Recently, the BGI (formerly Beijing Genomics Institute) agreed to complete the first fern genome sequencing project, for Azolla, in collaboration with principal investigator K.M. Pryer and colleagues (see [72, 73]). Supplemental funds were also raised through crowdfunding [74, 75], and the PIs are currently gathering material for the project. This planned sequencing of Azolla will provide initial and much-needed genomic resources for ferns, but given the deep divergence times, variation in life-history characteristics, and diversity within this clade, one fern genome is simply not enough to address the full range of outstanding genomic questions in ferns and across land plants.

Ceratopteris provides an ideal contrast to Azolla. It is homosporous, and its genome is 11.26Gb (1C; DB Marchant, unpublished), an order of magnitude larger than that of Azolla. This size is more typical of genome sizes found in leptosporangiate ferns and is closer to the size scale of conifer genomes than to Azolla. Ceratopteris is the “Arabidopsis of the fern world”: it can be readily transformed with recombinant DNA [76, 77] and has a fast life cycle, features that have made it an ideal genetic model system for studying sex expression and mating systems [7881], spore and gametophyte development [8287], and even plant responses to gravity during space flight [88]. In addition, a rapidly developing strain of Ceratopteris has been used extensively as an educational model system in undergraduate and K-12 biology instruction worldwide [89, 90].

The earliest candidates for genome sequencing in plants tended to be those with small and simple genomes that could be assembled with relative ease.
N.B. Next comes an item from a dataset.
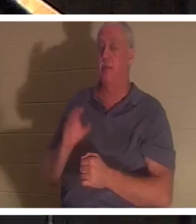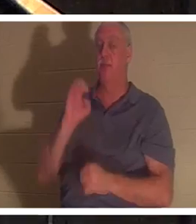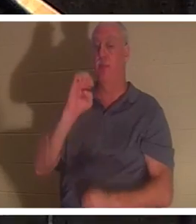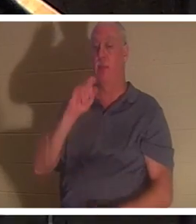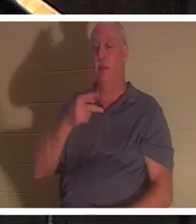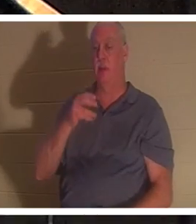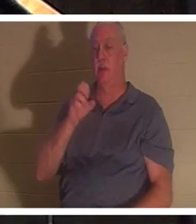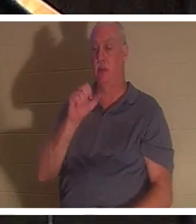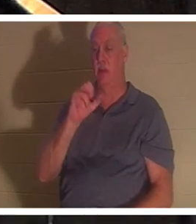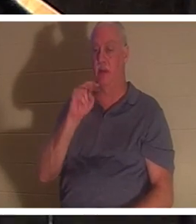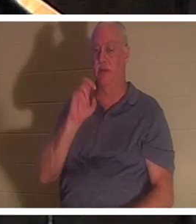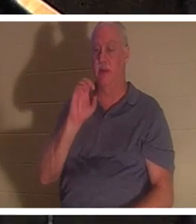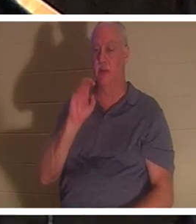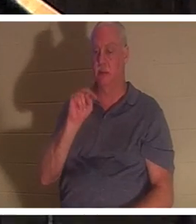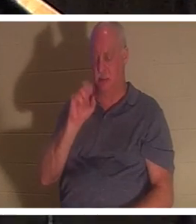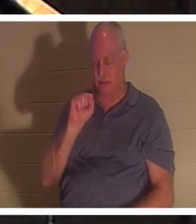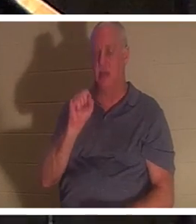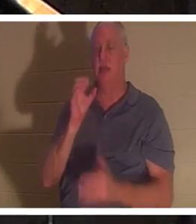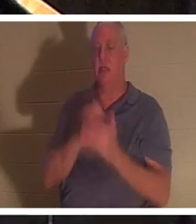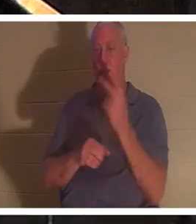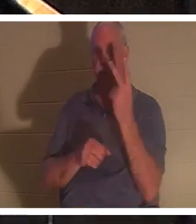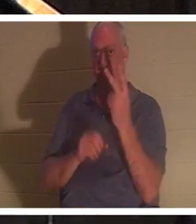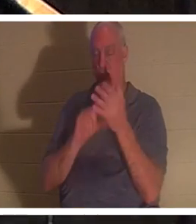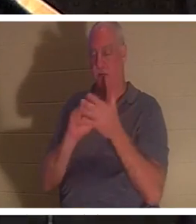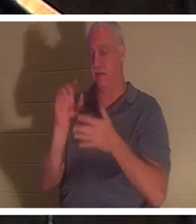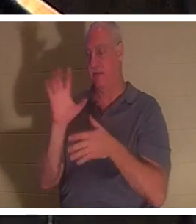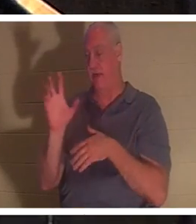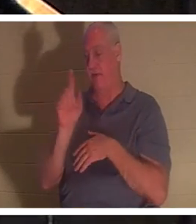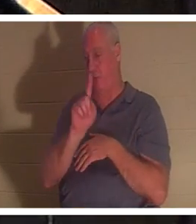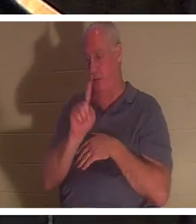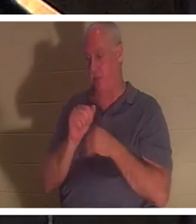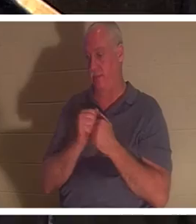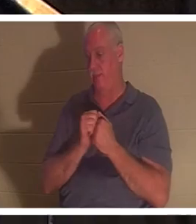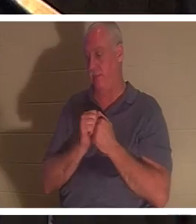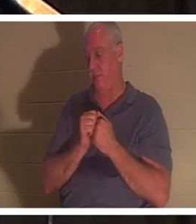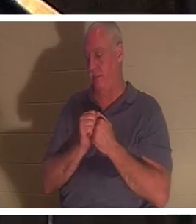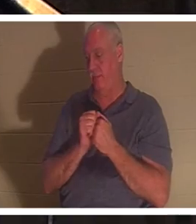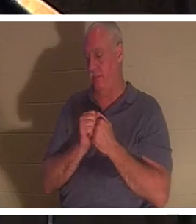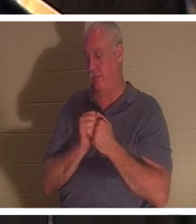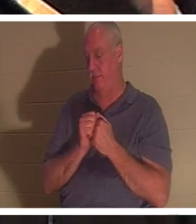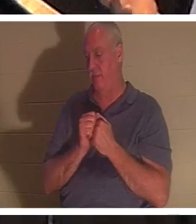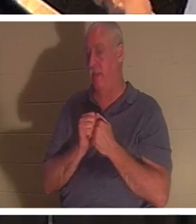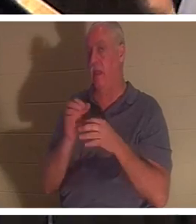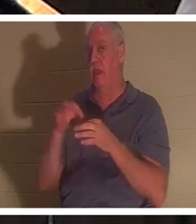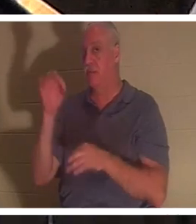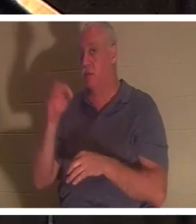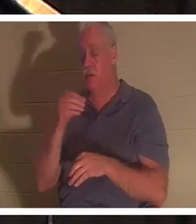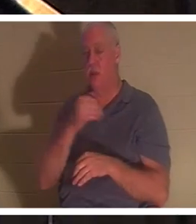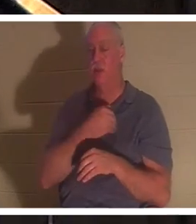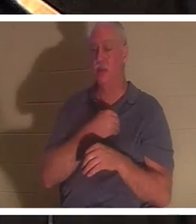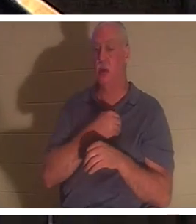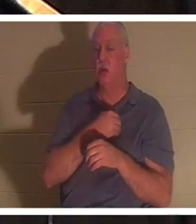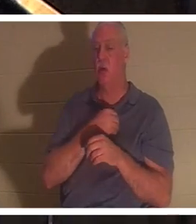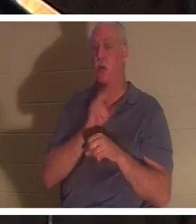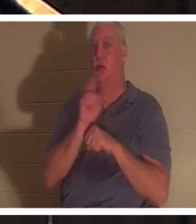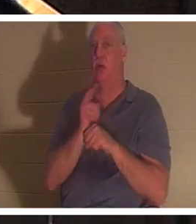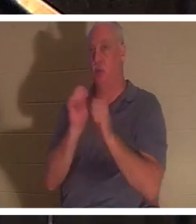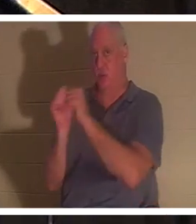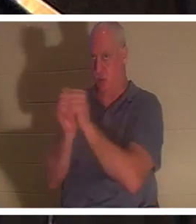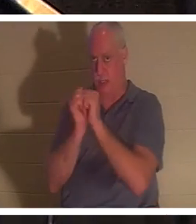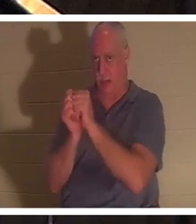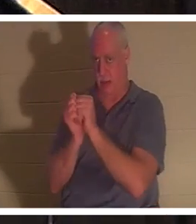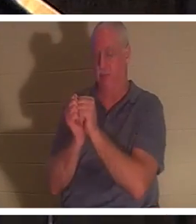1节和第5节谈到了这一点。灵和魂在圣经中可以互换使用。在
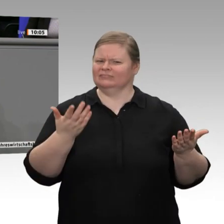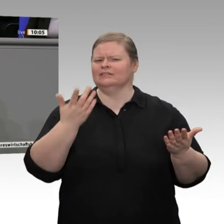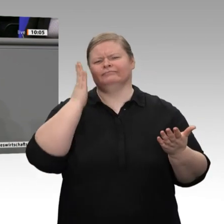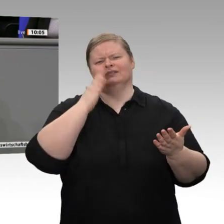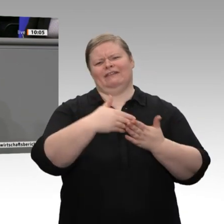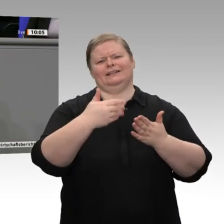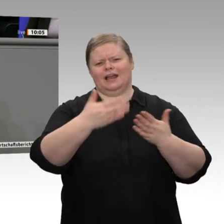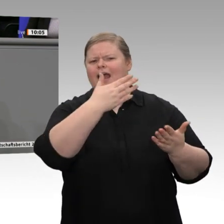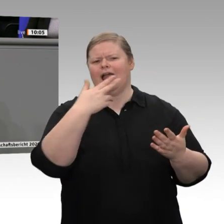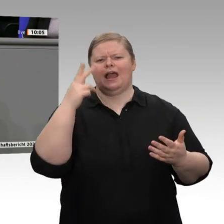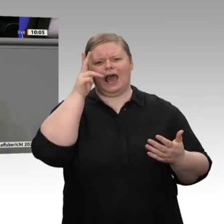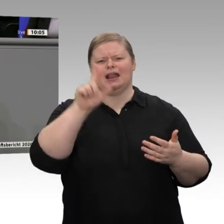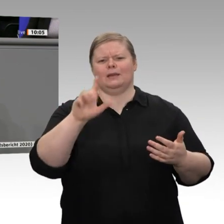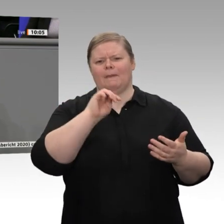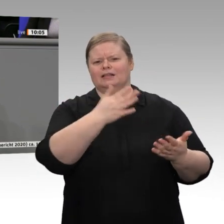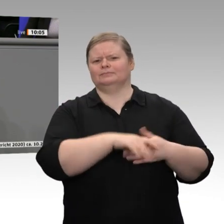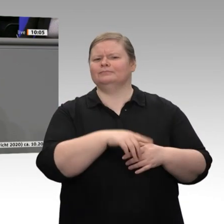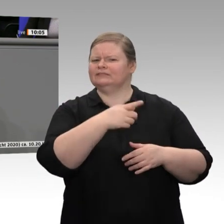der Eindruck entsteht zumindest bei mir. Sie können immer auf die Unterstützung

As the trend towards whole-genome sequencing intensifies, an increasing number of taxa with large or complex genomes will be of interest for complete nuclear genome sequencing. It is likely that most large fern genomes will not assemble easily using current techniques, making them important test cases for improved sequencing strategies, mapping, and especially assembly approaches, such as those recently developed for sequencing of the 22Gb (1C) loblolly pine [91, 92] and 20Gb (1C) Norway spruce [93] genomes [94]. Ceratopteris will provide such an opportunity, and genetic resources for this species already exist to facilitate the assembly process. These include a genetic linkage map and mapping population comprising ~500 doubled haploid lines (DHLs) [53], which will allow efficient de novo sequencing and high-quality assembly, leveraging, for example, the recombinant population genome construction approach of Hahn et al. [95]. Azolla will provide a novel opportunity to sequence a plant nuclear genome that has co-evolved for more than 70 million years along with the genomes of its obligate, vertically-inherited symbiotic microbiome. The genome of one such symbiont has been sequenced [66], but additional components of the fern microbiome are not well characterized.

Conclusions

Ferns are a phylogenetically pivotal and evolutionarily critical group of plants, yet they remain a group for which we lack extensive nuclear genomic resources. This is an astonishing reality, given the progress that has been made to date elsewhere across the tree of life. Transcriptome sequencing efforts such as the 1,000 Plants Project [23] have vastly expanded the gene sequence resources available for plants, but genes alone are insufficient to answer the most pressing questions in fern and land plant genome evolution. Ferns are crucial for understanding many aspects of plant development, physiology, metabolism, and evolution, and they hold the answers to key questions that have puzzled evolutionary and comparative biologists for more than a century. Between these two ferns—Ceratopteris and Azolla— evolution has operated for 400 million years, providing tremendous opportunity for differences to accumulate, both between these genomes and between ferns and other extant plants. Simultaneous sequencing of Azolla and Ceratopteris will close the phylogenetic gap in available plant genomes, and more importantly, will complete the critical framework necessary for rigorous comparative studies of genome structure and function across land plants.